| MATERIAL PROVIDED |
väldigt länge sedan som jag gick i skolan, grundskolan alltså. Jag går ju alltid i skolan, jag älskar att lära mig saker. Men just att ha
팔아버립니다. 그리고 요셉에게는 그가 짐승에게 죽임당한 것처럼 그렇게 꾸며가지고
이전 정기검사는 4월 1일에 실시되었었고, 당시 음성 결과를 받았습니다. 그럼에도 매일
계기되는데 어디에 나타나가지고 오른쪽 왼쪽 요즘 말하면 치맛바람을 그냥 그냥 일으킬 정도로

| EXERCISE |
Extract the full listing above without alteration.

| RESULT OF THE EXERCISE |
väldigt länge sedan som jag gick i skolan, grundskolan alltså. Jag går ju alltid i skolan, jag älskar att lära mig saker. Men just att ha
팔아버립니다. 그리고 요셉에게는 그가 짐승에게 죽임당한 것처럼 그렇게 꾸며가지고
이전 정기검사는 4월 1일에 실시되었었고, 당시 음성 결과를 받았습니다. 그럼에도 매일
계기되는데 어디에 나타나가지고 오른쪽 왼쪽 요즘 말하면 치맛바람을 그냥 그냥 일으킬 정도로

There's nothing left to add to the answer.